Herrera moves to shut down rogue party attempting to profit off the coronavirus

City Attorney works with SFPD to protect public health and prevent illegal gathering during pandemic

SAN FRANCISCO (March 25, 2020) — City Attorney Dennis Herrera announced today that he has directed the property owner of a club venue to cancel an illegal party scheduled for Friday, March 27 because of the threat it poses to public health during the coronavirus pandemic.

City Attorney Dennis Herrera

The City Attorney’s Office is working in partnership with the San Francisco Police Department to enforce the March 16 shelter-in-place public health order from San Francisco County Health Officer Dr. Tomás Aragón. The order is designed to slow the spread of the virus so that hospitals are not overwhelmed with patients. The order, among other things, prohibits all private and public gatherings of any number of people, except for certain exceptions for carefully defined essential activities. This party is not an exception.
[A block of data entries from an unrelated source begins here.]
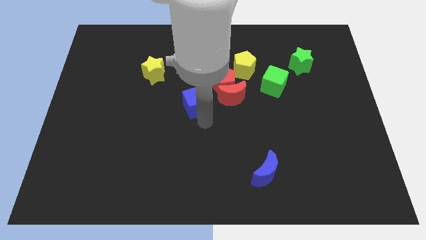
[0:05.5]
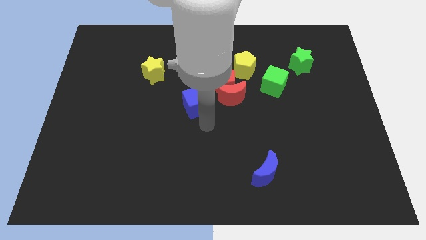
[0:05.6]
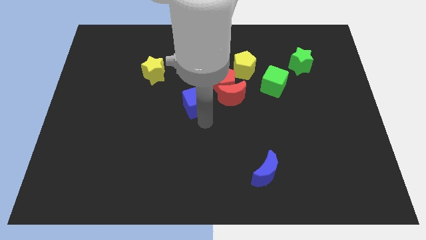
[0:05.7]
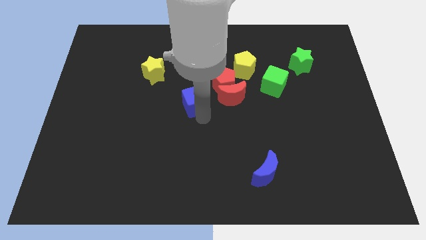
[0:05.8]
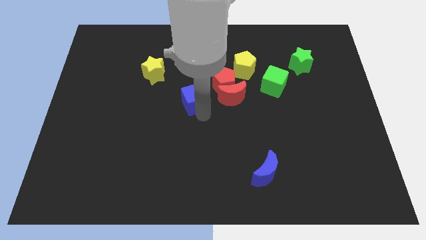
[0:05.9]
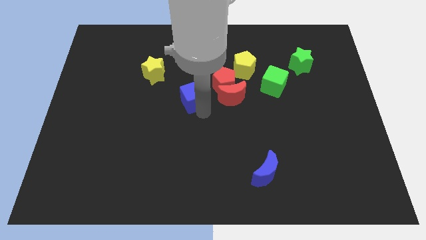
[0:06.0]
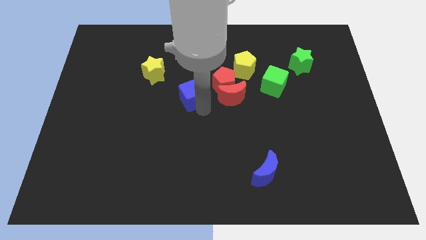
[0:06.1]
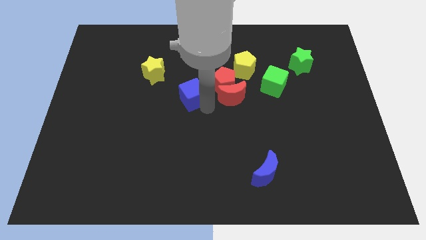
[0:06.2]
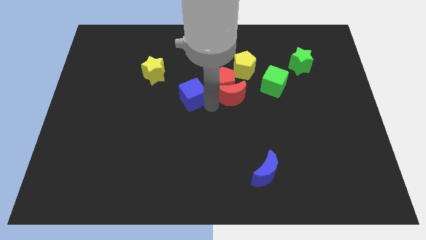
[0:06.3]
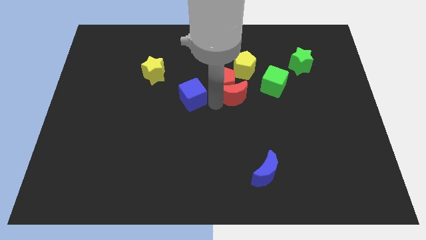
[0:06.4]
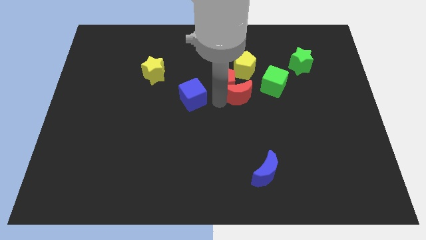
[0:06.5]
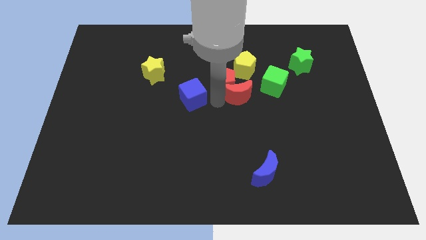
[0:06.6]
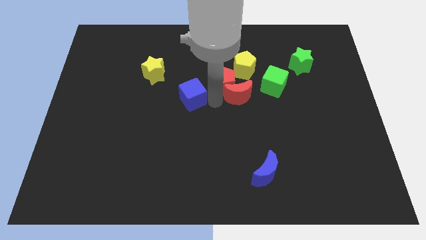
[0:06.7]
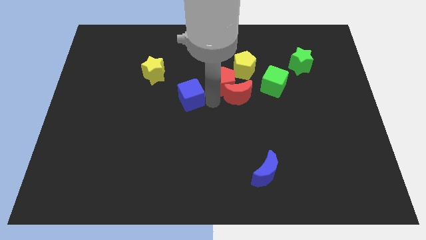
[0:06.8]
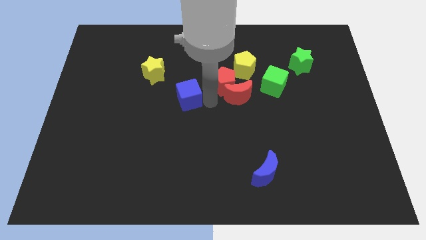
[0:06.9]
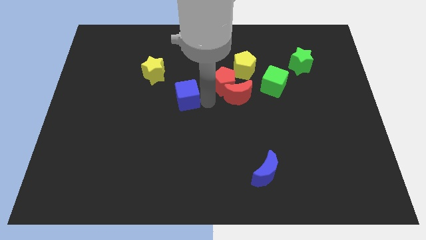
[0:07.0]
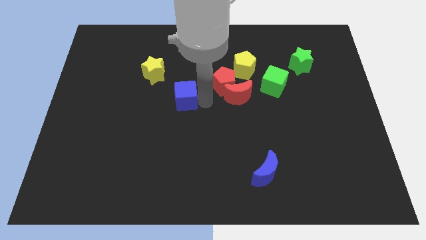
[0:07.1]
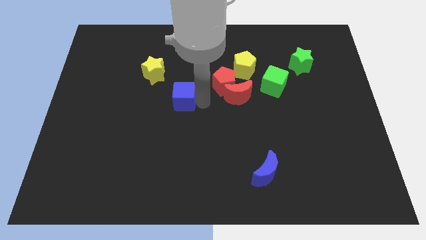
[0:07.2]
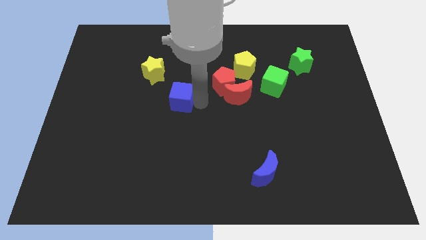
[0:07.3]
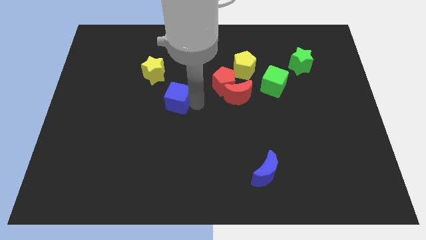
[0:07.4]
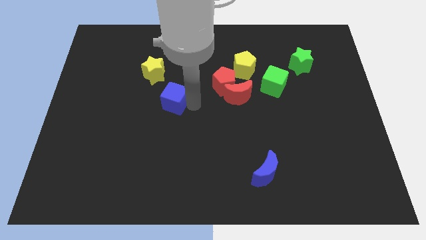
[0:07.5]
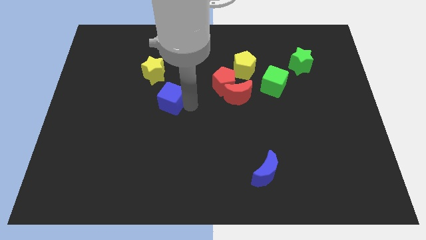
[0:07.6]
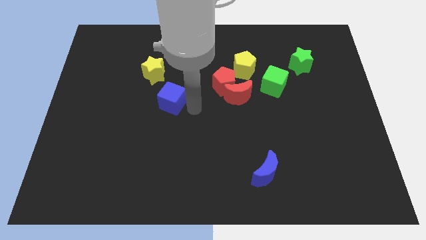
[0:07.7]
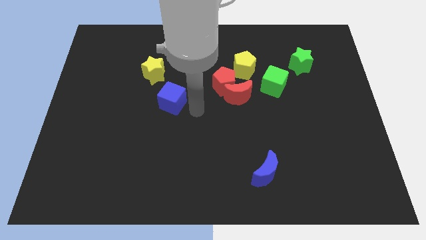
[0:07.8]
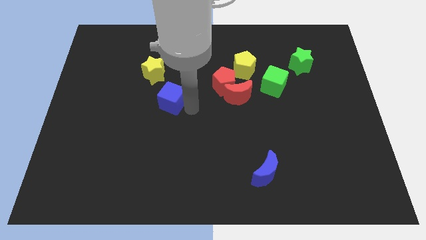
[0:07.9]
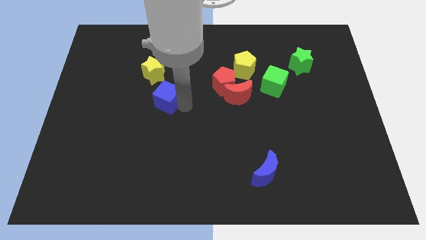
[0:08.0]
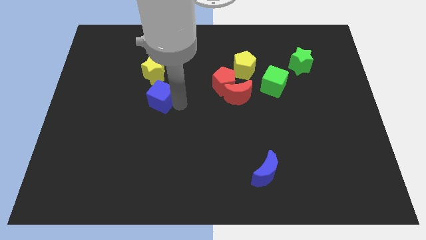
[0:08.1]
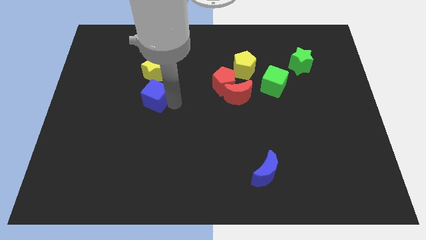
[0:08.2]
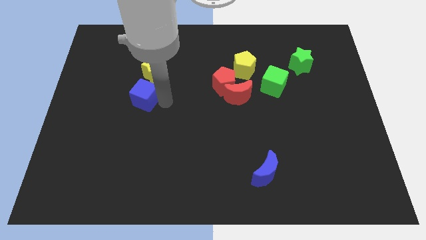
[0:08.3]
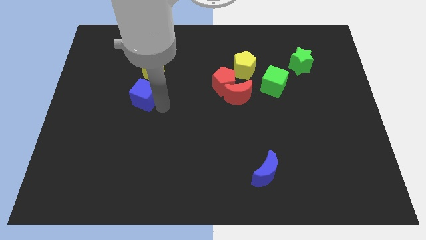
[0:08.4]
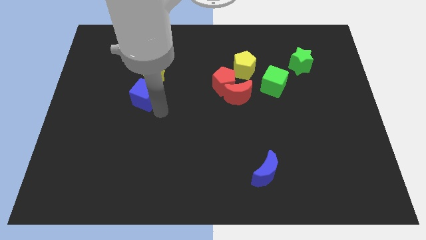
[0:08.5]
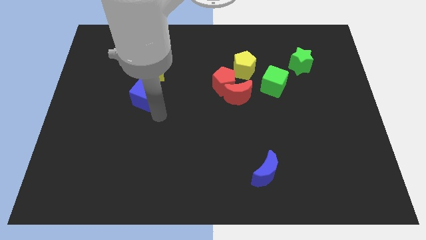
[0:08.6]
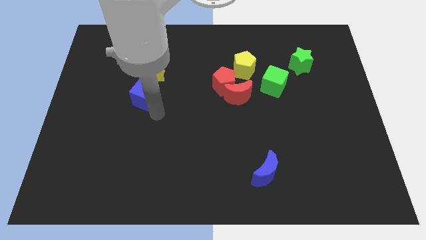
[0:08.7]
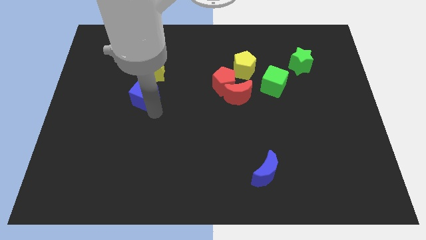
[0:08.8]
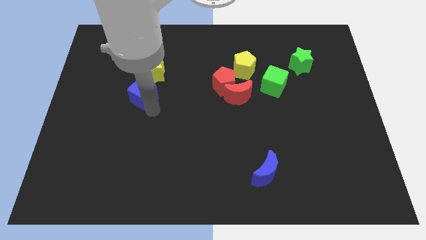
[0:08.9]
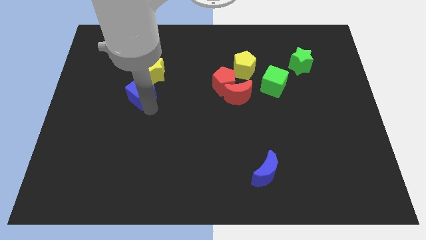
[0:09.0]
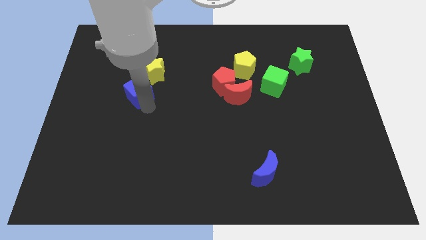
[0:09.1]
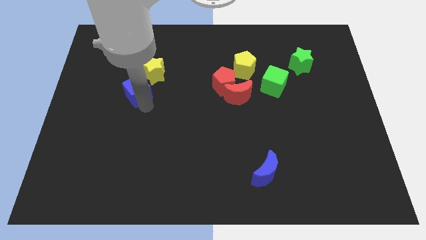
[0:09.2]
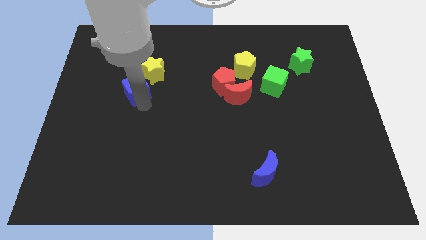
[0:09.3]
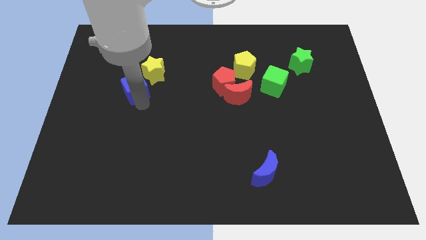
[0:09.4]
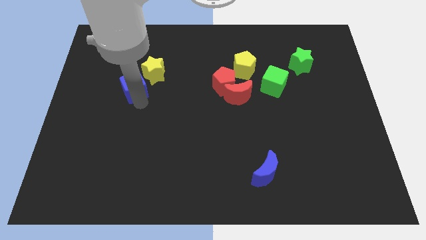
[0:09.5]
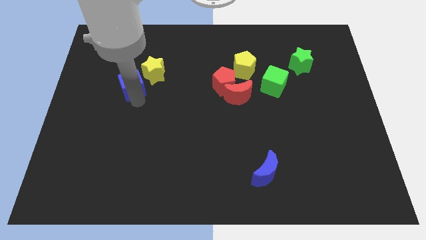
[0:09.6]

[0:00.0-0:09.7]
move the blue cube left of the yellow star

In open defiance of that order, rogue event promoter Set San Francisco has been selling tickets for a March 27 party titled “Lehar (Multinotes, Diynamic, Afterlife)”at an event space at 251 Rhode Island Street. The promoter has advertised online that 200 tickets can be sold, and was offering tickets as recently as this morning on its own website as well as on Eventbrite for prices ranging from $5 for “guest list” purchasers to $780 for a package of tickets with a “VIP booth” and two “premium bottles.” The tickets are listed as nonrefundable. 

“There have been many acts of decency, kindness and quiet heroism as San Franciscans try to keep their neighbors safe during this pandemic. This party, unfortunately, isn’t one of them,” Herrera said.  “How someone acts in a crisis says a lot about them. The individuals behind this party have either completely failed in their responsibility to the public, are engaged in a cynical scheme to rip off people knowing this event will never happen, or are putting lives at risk in a dangerous attempt to profit off a public health emergency. All of those are unacceptable. Putting 200 people together in a club is the exact wrong thing to do right now. It would create a powder keg for this virus to explode across our communities. We’re not about to let that happen.”

“Local businesses have been overwhelmingly cooperative with the shelter in place orders now in effect, and most San Franciscans know that social distancing isn’t solely necessary to protect their own life and safety — it’s to protect everyone’s,” said San Francisco Police Chief William Scott. “Unfortunately, it appears there may be scofflaws who either don’t know or don’t care. Today’s preemptive move by City Attorney Dennis Herrera sends a strong message to any would-be wrongdoer that City agencies are working in close coordination to enforce the emergency order and protect public health.” 

While representations have been made to the Police Department that the event has been cancelled, it was still being marketed online and tickets were still being sold for it as recently as this morning. The responsible thing to do, Herrera said, was for the promoter to remove the online listings, notify everyone who purchased a ticket that the event has been cancelled and refund them their money.

Herrera sent a letter on March 24 to the owner of the property, 251 Rhode Island Street LLC, ordering the event to be cancelled and promotions for it to stop. The letter also seeks information about the party organizers. The letter notes that the property owner is responsible for any violations that take place on the property.

Failure to comply with the public health order during an emergency is punishable by a fine of up to $1,000, imprisonment of up to a year, or both. California Penal Code section 409.5 authorizes the City to close down properties constituting a menace to public health and makes it a misdemeanor for any individual to knowingly and willfully enter such property.

If the owner fails to cancel the event, they will be liable for the violations as well as any civil penalties, and all costs for enforcement.